» **Extracted material**
____________________
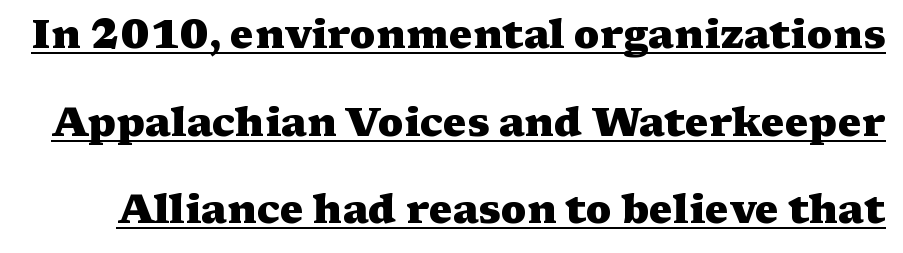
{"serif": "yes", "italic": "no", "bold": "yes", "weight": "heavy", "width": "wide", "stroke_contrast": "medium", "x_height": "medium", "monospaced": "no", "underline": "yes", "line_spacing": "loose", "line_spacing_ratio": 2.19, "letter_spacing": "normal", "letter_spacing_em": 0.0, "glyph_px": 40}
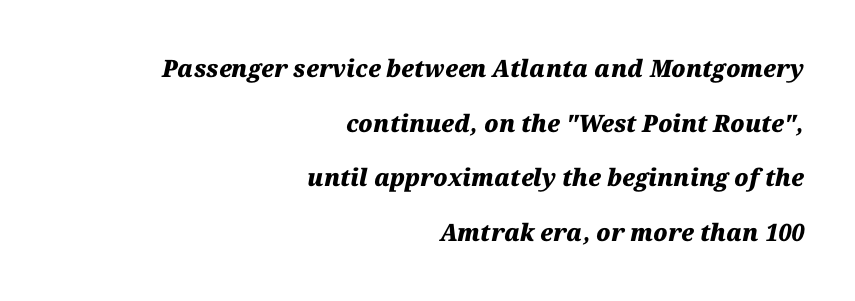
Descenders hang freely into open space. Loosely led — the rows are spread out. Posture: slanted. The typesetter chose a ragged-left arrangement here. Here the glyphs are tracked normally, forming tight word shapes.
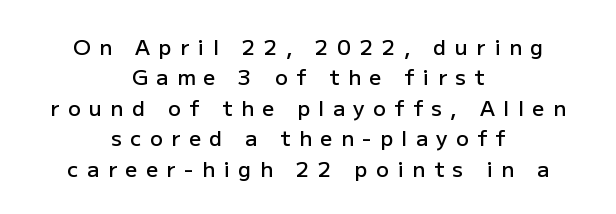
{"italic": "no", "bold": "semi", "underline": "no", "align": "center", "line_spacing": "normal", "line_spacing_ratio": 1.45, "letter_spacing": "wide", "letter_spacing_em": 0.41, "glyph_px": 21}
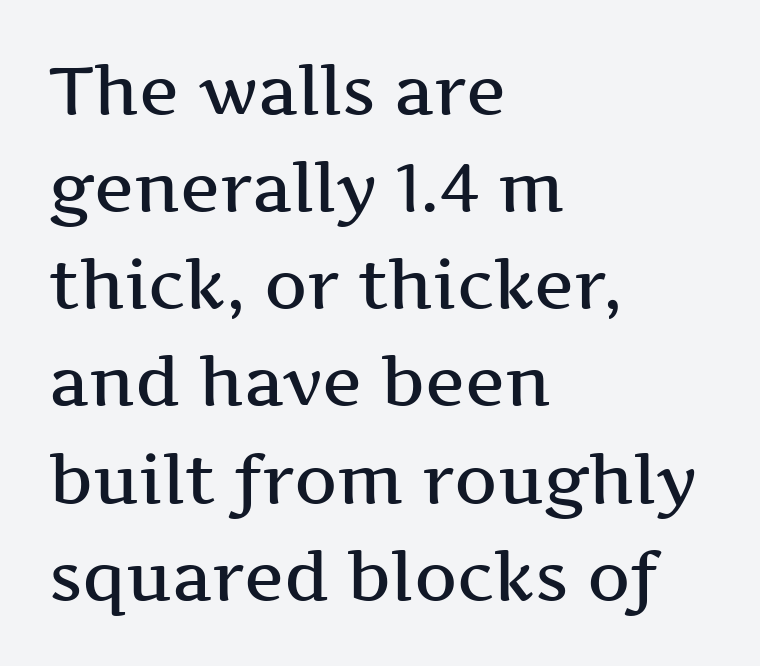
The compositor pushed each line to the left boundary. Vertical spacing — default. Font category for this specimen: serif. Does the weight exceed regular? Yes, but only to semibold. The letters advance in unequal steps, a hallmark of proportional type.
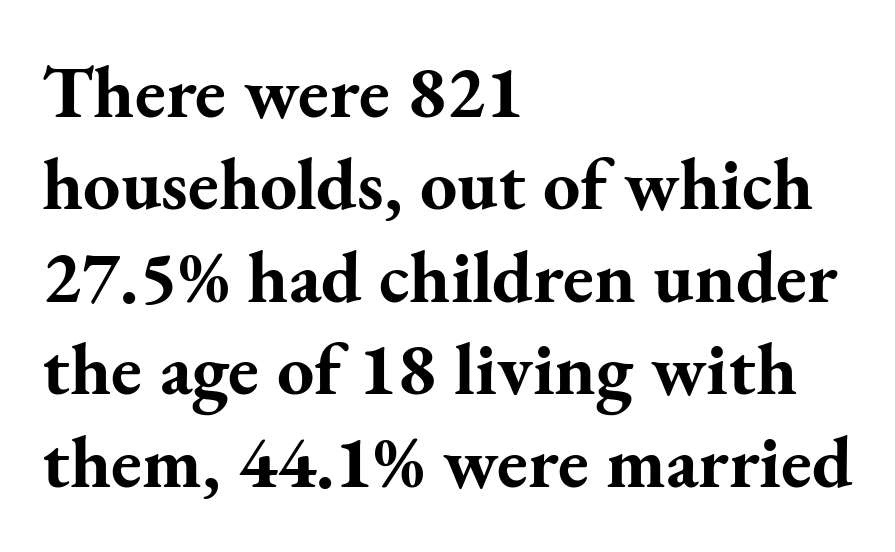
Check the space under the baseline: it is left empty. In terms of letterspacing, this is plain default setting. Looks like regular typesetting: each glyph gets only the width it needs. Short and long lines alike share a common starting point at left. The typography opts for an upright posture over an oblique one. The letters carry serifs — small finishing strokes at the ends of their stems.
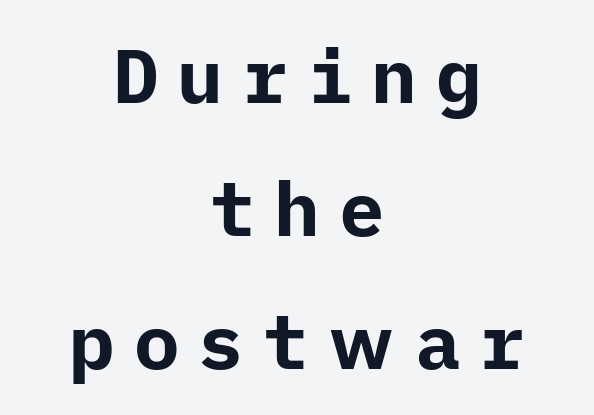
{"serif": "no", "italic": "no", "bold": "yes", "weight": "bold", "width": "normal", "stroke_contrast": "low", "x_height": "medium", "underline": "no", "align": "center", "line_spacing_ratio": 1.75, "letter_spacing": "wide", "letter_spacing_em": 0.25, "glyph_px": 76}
____________________
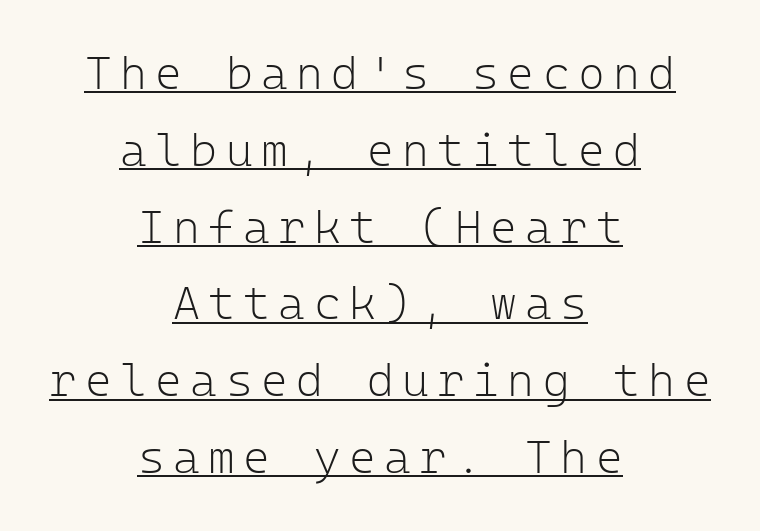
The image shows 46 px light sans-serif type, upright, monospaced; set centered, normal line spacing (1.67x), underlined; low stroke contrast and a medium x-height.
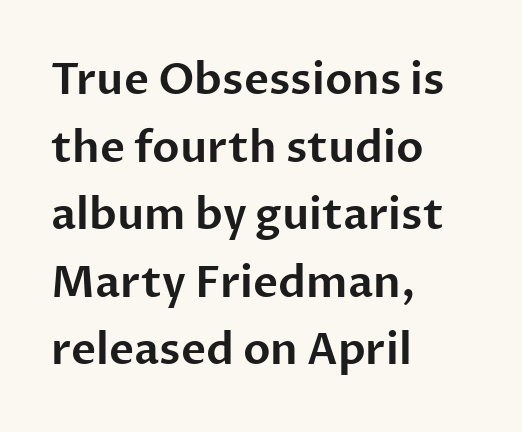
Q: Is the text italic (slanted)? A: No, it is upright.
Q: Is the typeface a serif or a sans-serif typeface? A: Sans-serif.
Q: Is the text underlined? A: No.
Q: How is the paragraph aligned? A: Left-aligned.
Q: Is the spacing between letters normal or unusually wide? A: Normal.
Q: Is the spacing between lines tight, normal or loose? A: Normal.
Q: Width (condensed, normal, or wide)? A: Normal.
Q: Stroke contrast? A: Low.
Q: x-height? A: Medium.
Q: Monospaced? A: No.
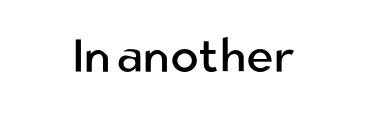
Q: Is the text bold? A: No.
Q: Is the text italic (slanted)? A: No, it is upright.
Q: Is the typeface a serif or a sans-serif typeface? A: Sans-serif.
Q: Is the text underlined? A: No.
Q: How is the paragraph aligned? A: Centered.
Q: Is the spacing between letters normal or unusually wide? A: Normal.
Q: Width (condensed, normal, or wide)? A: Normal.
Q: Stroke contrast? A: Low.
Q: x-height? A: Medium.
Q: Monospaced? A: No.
____________________
Check each line of the listing for "paragraph". Show those that have it.

Q: How is the paragraph aligned? A: Left-aligned.
Q: How is the paragraph aligned? A: Centered.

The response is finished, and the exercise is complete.